# Schrift biegen



## Paraneuros (26. September 2006)

Hi,
irgendwie bin ich gerade voll daneben und stehe neben mir
möchte gerne das wort "Paraneuros" welches ihr HIER sehen könnt biegen wie der Strich da drüber.Aber es geht nicht wenn ich auf
Objekt
Transfomieren
und dann Verbiegen gehe..
wer weiss Rat.danke


----------



## holzoepfael (26. September 2006)

Also möchtest du die Schrift entlang der Linie, oder willst du deine Schrift verzerren?


----------



## akrite (26. September 2006)

Paraneuros hat gesagt.:


> irgendwie bin ich gerade voll daneben und stehe neben mir


...glaube ich Dir, ;-)  wie wäre es mit Text auf Pfad - geht natürlich nur, wenn es wirklich noch Text ist und nicht schon in Pfade konvertiert. Dann mit biegen weiter !

Grüße
Andreas


----------



## ikon (27. September 2006)

Hi,

in Illustrator: wähle Deinen Text aus und erstell unter "Objekt" eine Verzerrungshülle(mit Krümmung versehen). Alternativ kannst Du auch jeden geschlossenen Pfad als Verzerrungshülle nehmen ("Verzerrungshülle->mit obersten Objekt erstellen"). Der Pfad muss in dem Fall über der Schrift angeordnet sein.
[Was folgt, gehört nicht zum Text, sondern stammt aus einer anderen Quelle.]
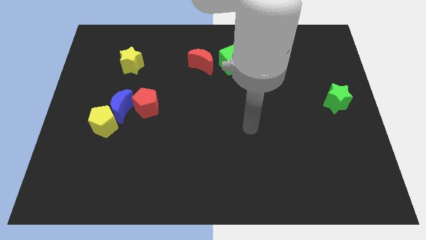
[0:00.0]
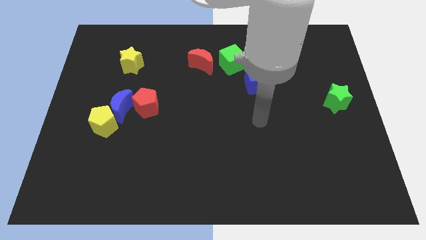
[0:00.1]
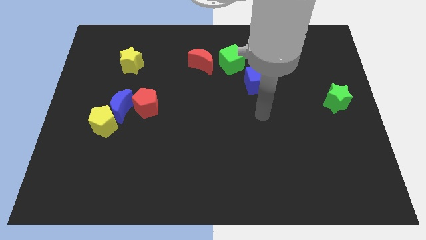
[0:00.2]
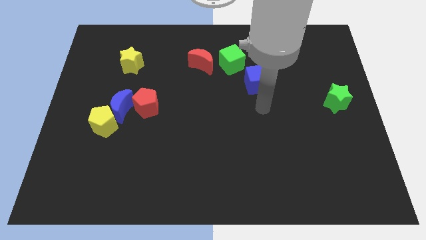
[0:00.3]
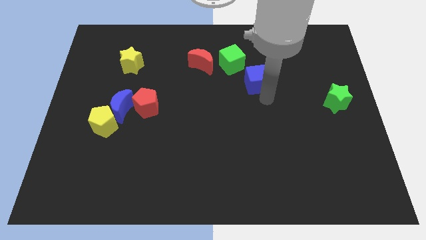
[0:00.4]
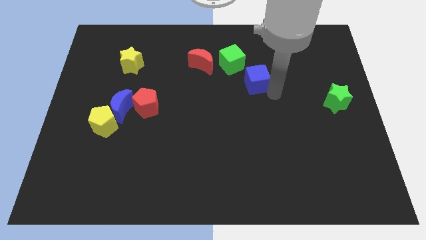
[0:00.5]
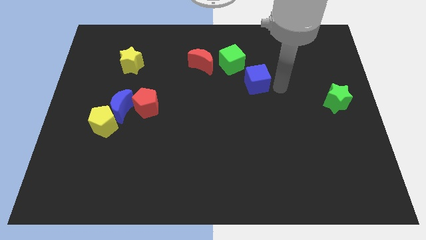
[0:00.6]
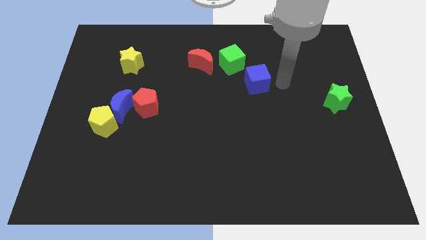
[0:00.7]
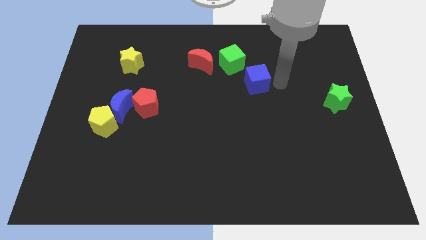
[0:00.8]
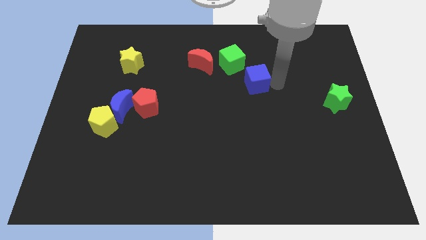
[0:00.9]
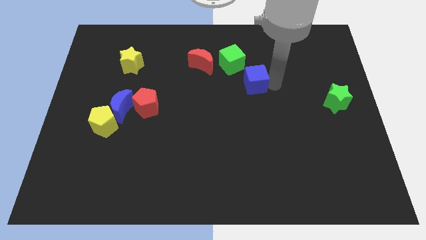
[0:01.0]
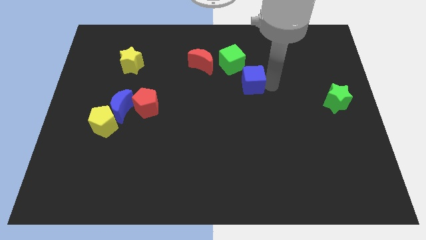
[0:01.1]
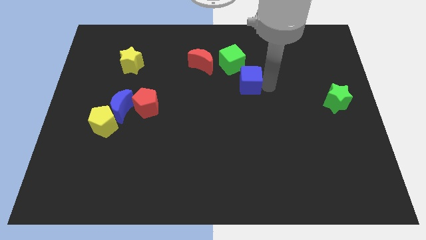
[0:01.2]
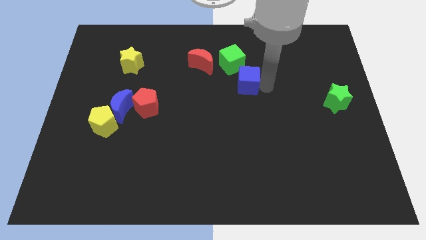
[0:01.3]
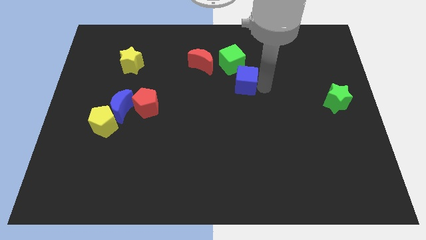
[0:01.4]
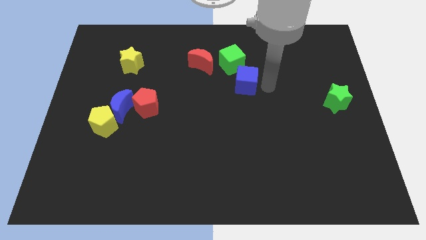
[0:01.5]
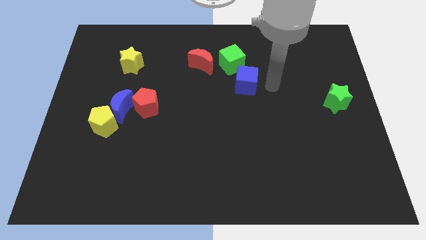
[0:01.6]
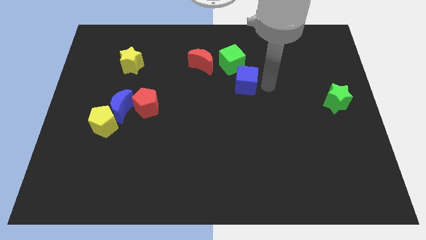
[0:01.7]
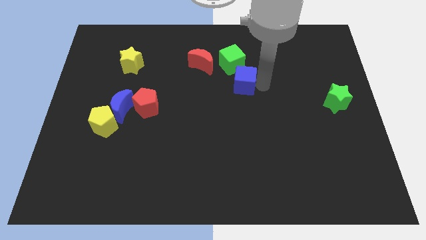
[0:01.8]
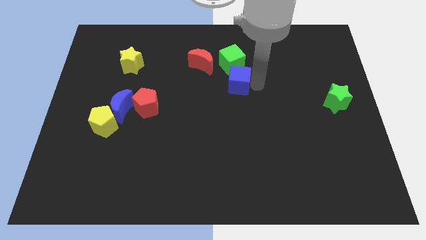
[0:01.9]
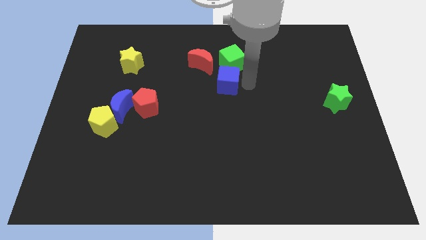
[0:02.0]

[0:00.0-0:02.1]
push the blue cube slightly to the left

Ansonsten kann man auch mit dem Textwerkzeug den Text auf Pfaden schreiben. Textwerkzeug in Werkzeugpalette auswählen und gedrückt halten, drittes Symbol von links glaub ich.

Gruß,
ikon


----------



## Paraneuros (27. September 2006)

Danke Ikon...
bin manchmal echt....:suspekt: 
weil wusste das ich das doch schonmal gemacht hatte.Naja nun sollte ich es mir gemerkt haben
Danke


----------